# torchtext example

#### Handy Links
- https://github.com/bentrevett/pytorch-sentiment-analysis/blob/master/1%20-%20Simple%20Sentiment%20Analysis.ipynb
- http://mlexplained.com/2018/02/08/a-comprehensive-tutorial-to-torchtext/
- http://anie.me/On-Torchtext/

Have already preprocessed the data slightly so we have 3 files:
- train.csv
- test.csv
- classes.csv

train.csv and test.csv are the standard format of the label followed by the text:
```
LABEL1,TEXT1
LABEL2,TEXT2
...
```
The label is just 0 or 1 (pos, neg)

Lets store the path to our data folder in a variable:

In [10]:
PATH = "aclImdb"

Importing the libraries we need:

In [11]:
import torch
import torchtext
from torchtext import data

## Fields
ok good. We can now start processing our data.

We need 2 **Fields**: one for the label and one for the text itself:

In [12]:
REVIEW = data.Field(sequential=True,lower=True,tokenize="spacy")
LABEL = data.LabelField(use_vocab=False,dtype=torch.float)

These store what preprocessing (tokenisation - splitting into words, and numerisation - converting these words into numbers) will be done on each string, but doesn't do it until we pass the data in.

For more details see the torchtext docs on [Field](https://torchtext.readthedocs.io/en/latest/data.html#field).

You might want to also consider the **ReversibleField** class. This uses a different tokeniser: [revtok](https://github.com/jekbradbury/revtok) which allows you to map back to strings. This can be handy, especially when debugging.

## Dataset
Once we have the fields defined, we can initialise a **Dataset**.

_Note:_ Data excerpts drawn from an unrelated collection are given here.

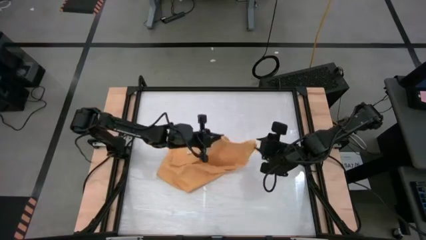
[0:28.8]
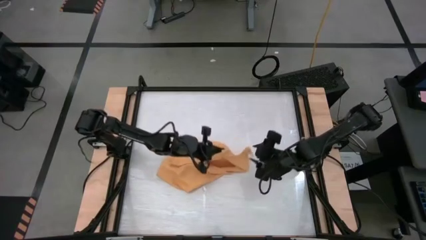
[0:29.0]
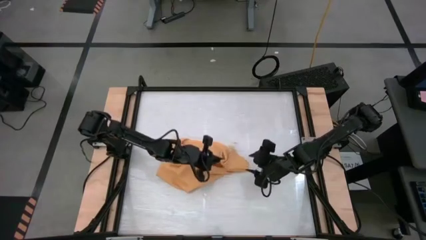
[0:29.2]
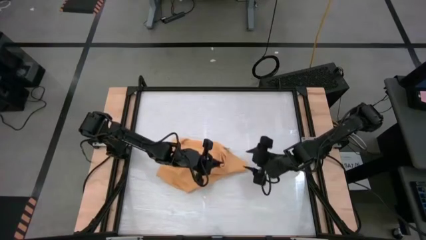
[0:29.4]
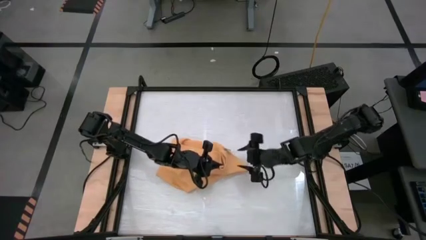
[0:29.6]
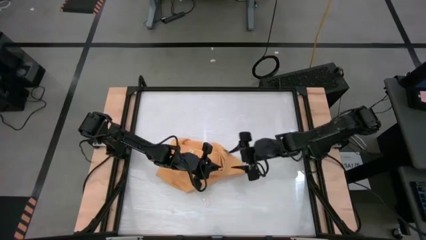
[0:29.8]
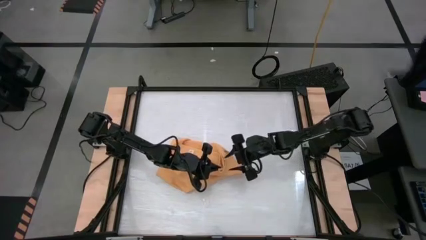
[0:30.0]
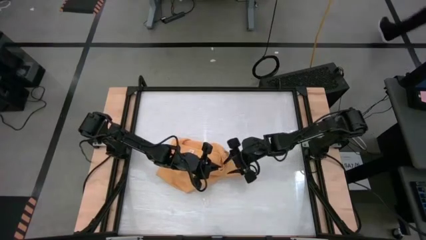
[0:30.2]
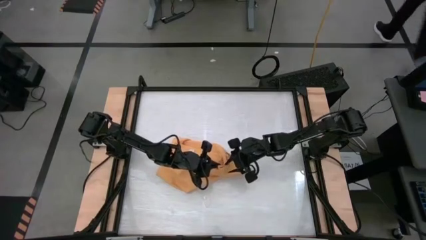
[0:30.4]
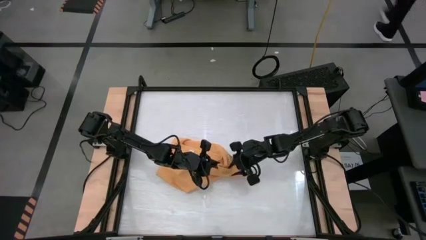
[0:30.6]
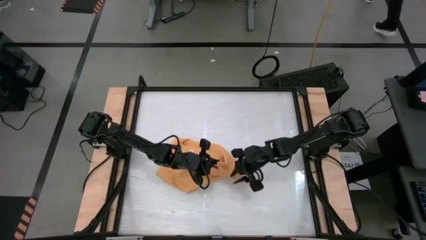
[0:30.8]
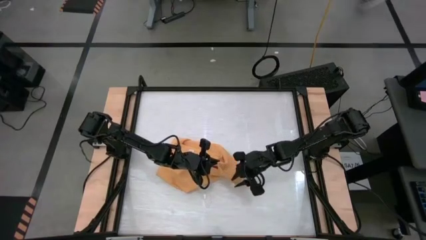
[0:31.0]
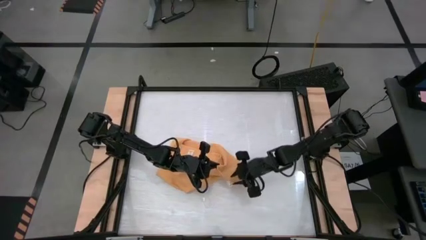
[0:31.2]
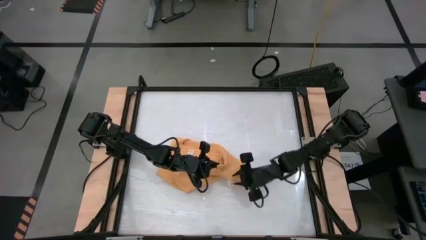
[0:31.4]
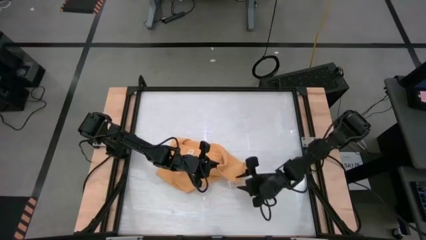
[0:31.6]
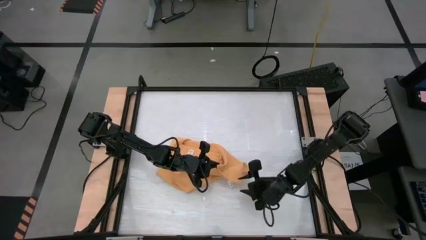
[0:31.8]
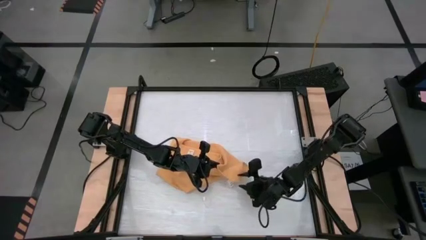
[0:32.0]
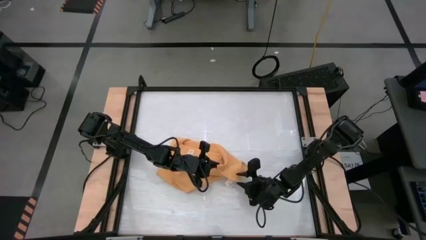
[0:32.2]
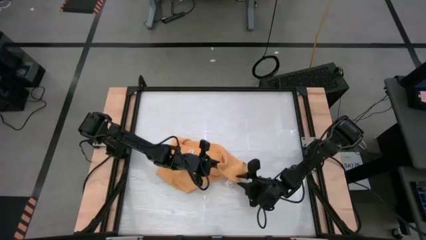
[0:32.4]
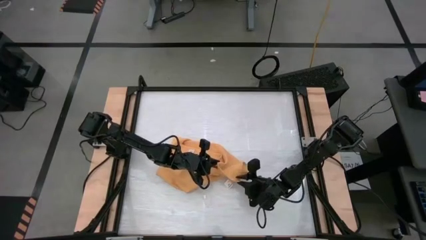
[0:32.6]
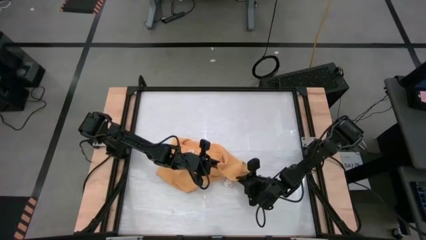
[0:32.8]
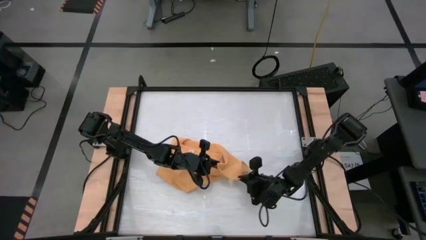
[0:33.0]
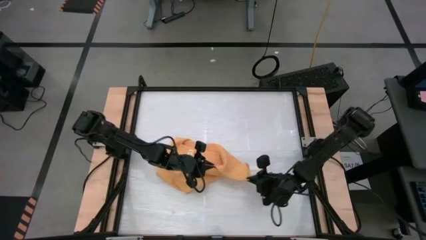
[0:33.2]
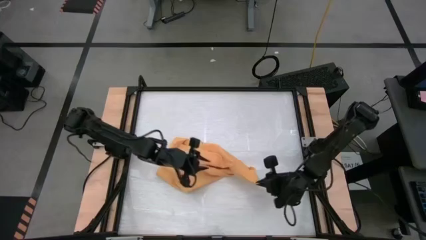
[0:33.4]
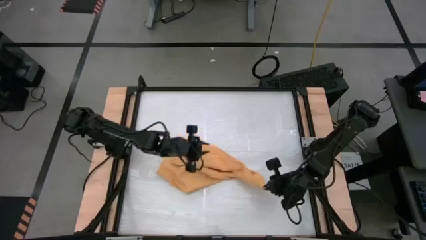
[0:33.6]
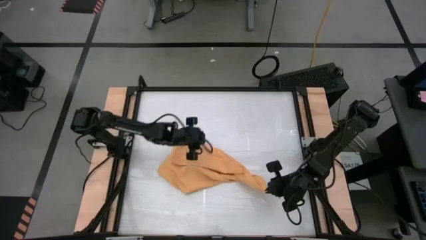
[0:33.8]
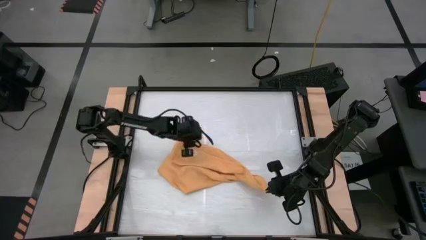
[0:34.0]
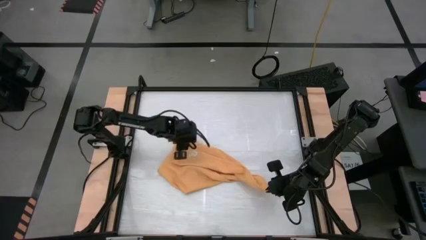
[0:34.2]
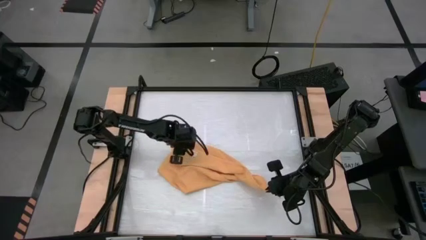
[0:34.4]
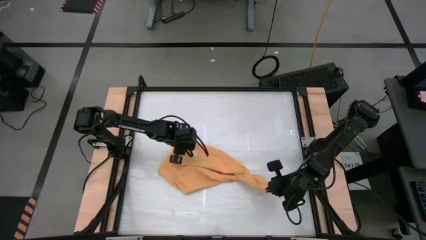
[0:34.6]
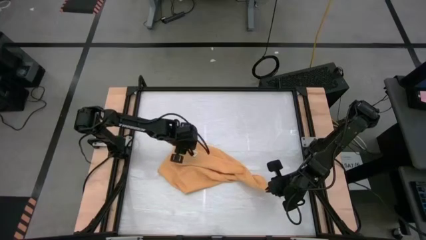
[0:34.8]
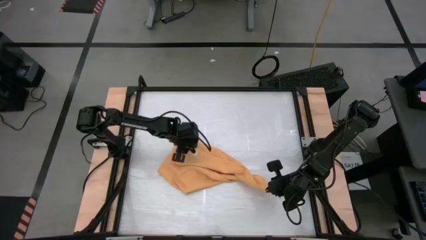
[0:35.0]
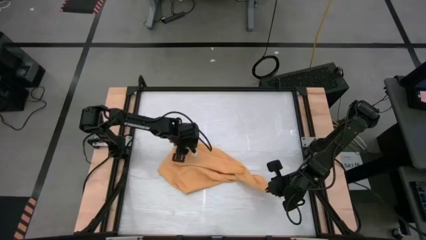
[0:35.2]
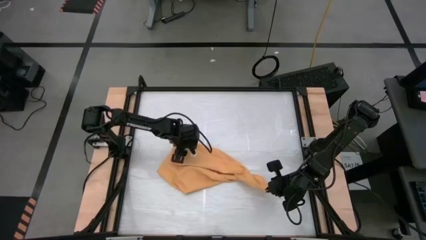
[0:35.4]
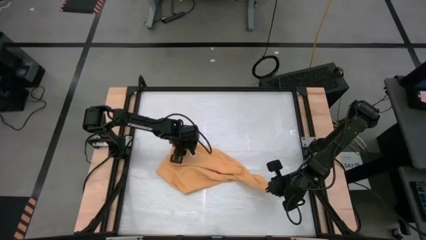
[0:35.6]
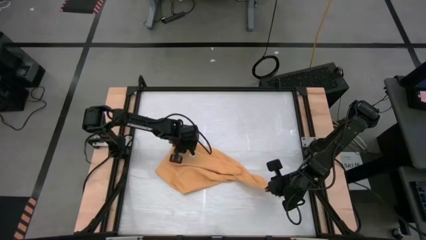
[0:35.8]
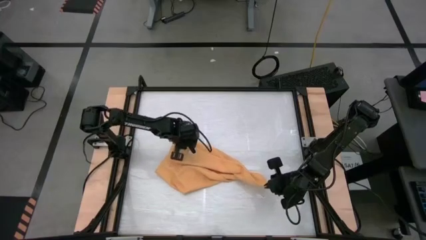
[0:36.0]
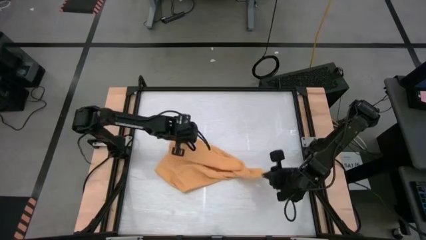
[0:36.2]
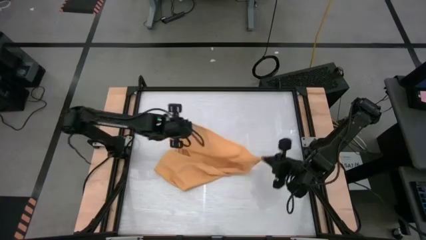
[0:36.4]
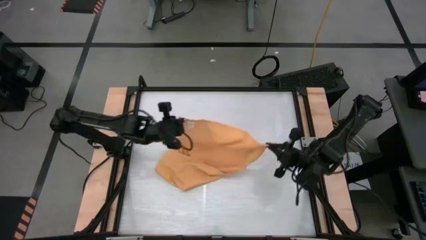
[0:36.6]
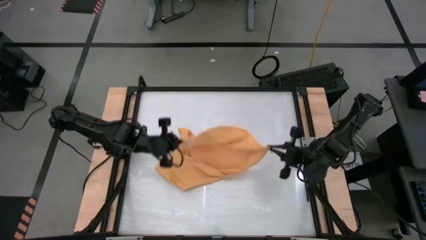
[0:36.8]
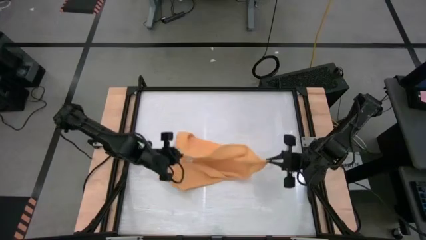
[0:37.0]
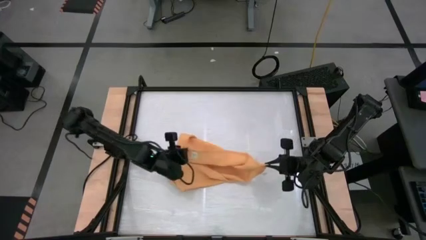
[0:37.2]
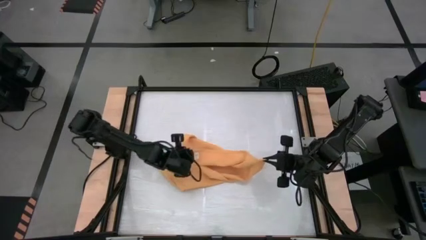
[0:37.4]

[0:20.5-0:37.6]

This class does the heavy lifting of actually loading the data into these fields.

If your data is in some weird format you can implement your own class (it just has to match the [interface](https://torchtext.readthedocs.io/en/latest/data.html#torchtext.data.Dataset). There are loads of [examples](https://github.com/pytorch/text/tree/master/torchtext/datasets)!).

Here as we have CSV files we're just gonna use the handy TabularDataset class already provided for us!

In [13]:
train, test = data.TabularDataset.splits(
    path=PATH,
    format="csv",
    train = "train.csv",
    test = "test.csv",
    fields=[('label',LABEL),('review',REVIEW)])

print("Train set size:",len(train))
print("Test set size :",len(test))

Train set size: 25000
Test set size : 25000


This gives us 2 Datasets: train and test.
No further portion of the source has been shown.